Excerpts from a dataset
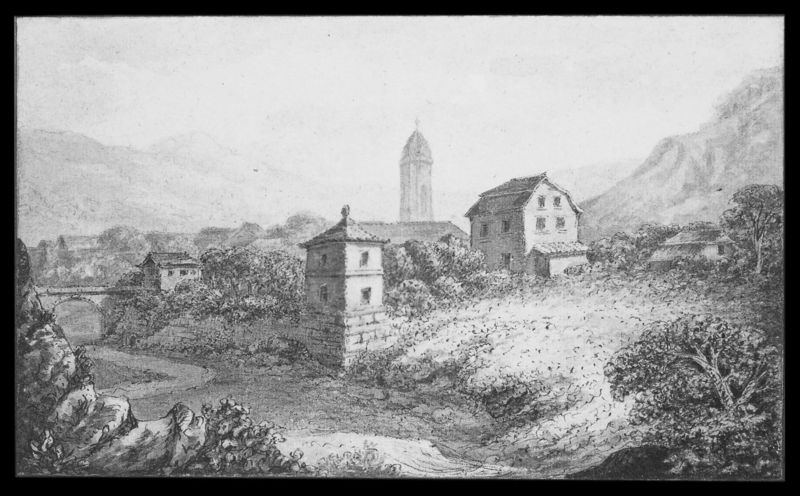
Titel: Schillers Garten in Jena
Künstler: Johann Wolfgang von Goethe
Institution: Weimar, Gothe-Nationalmuseum
Schlagwörter: baum, berg, blätter, himmel, schatten, wasser, weiß, bäume, fluss, kirchturm, landschaft, stadt, ufer, fenster, grau, hell, licht, schwarz, strasse, zeichnung, dach, gebäude, gras, haus, weg, wiese, architektur, stein, steine, gräser, horizont, häuser, hügel, vögel, brücke, büsche, kirche, pfad, sträucher, pflanzen, turm, garten, ansicht, bogen, ort, berge, gebirge, dorf, dächer, mauer, nebel, hof, tor, tusche, burg, kreuz, türme, kohle, druck, schwarz weiss, radierung, stich, bleistift, mauern, gehöft, goethe, blei, mäuerchen, wachturm, däche, taubenhaus, gehöft#
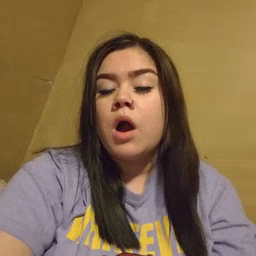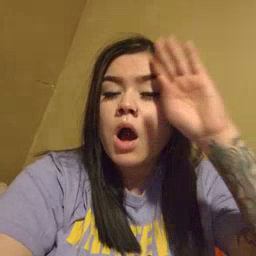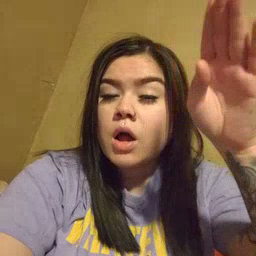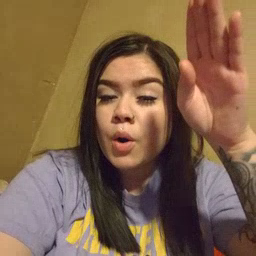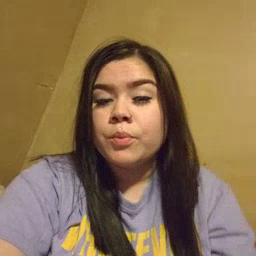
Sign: hello
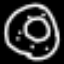
Label: donut
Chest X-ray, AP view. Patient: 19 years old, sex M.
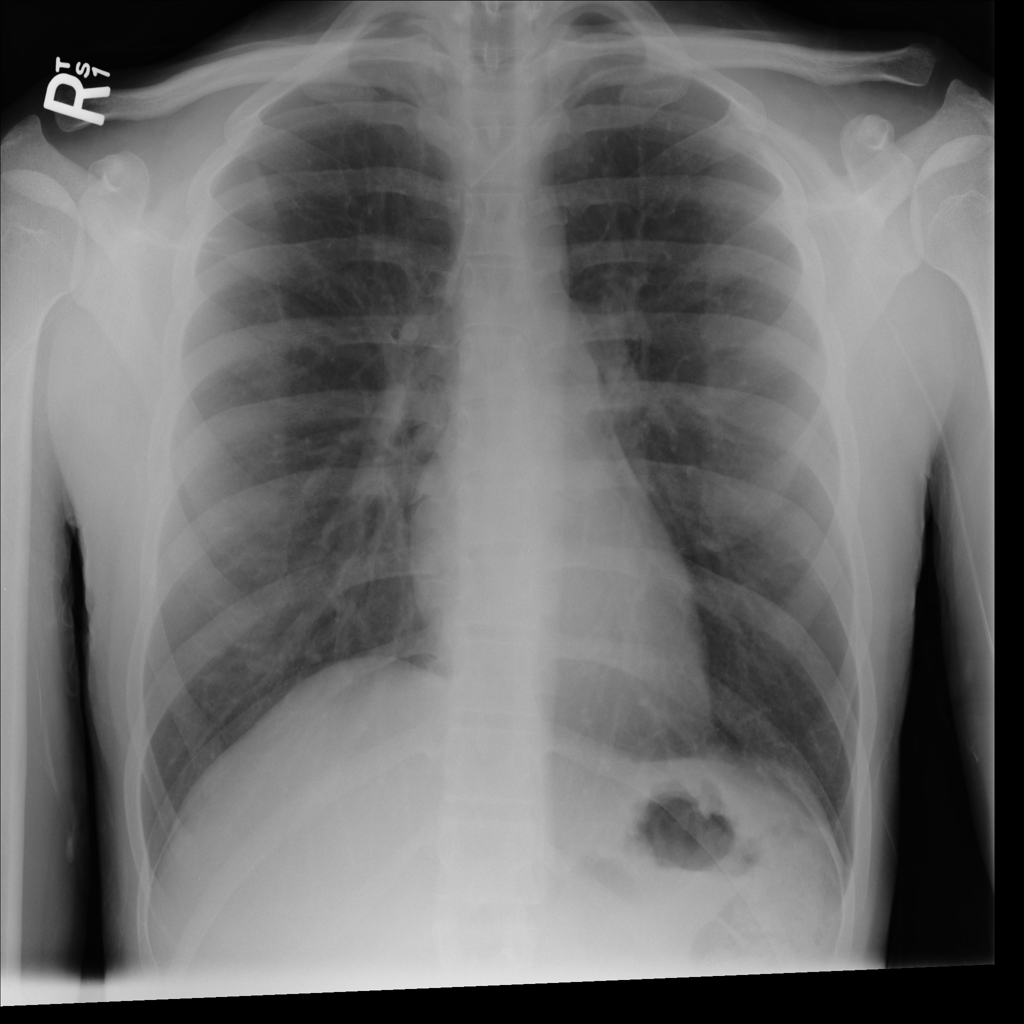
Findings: No Finding
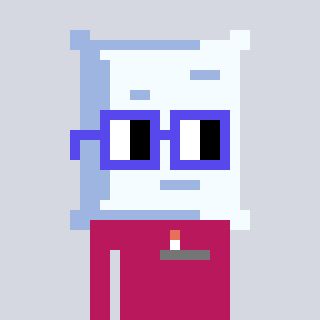
a pixel art character with square blue glasses, a pillow-shaped head and a darkpink-colored body on a cool background
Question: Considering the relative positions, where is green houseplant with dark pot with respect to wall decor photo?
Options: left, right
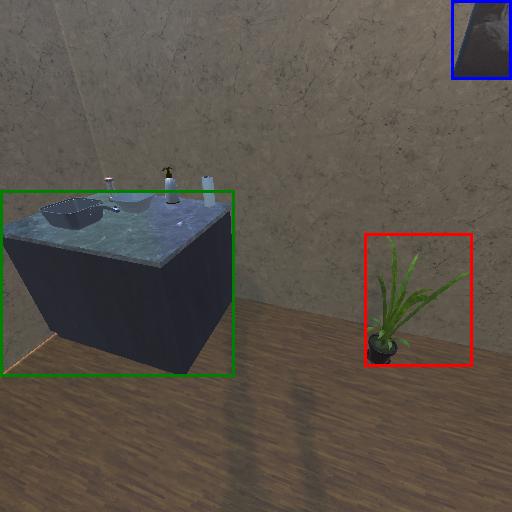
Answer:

* TASK DIRECTIONS
From the line with "Chest X-ray, AP" down to the final line of the entries above, repeat each line exactly; omit the pictures.

* FINISHED EXERCISE
Chest X-ray, AP view. Patient: 19 years old, sex M.
Findings: No Finding
a pixel art character with square blue glasses, a pillow-shaped head and a darkpink-colored body on a cool background
Question: Considering the relative positions, where is green houseplant with dark pot with respect to wall decor photo?
Options: left, right
Answer:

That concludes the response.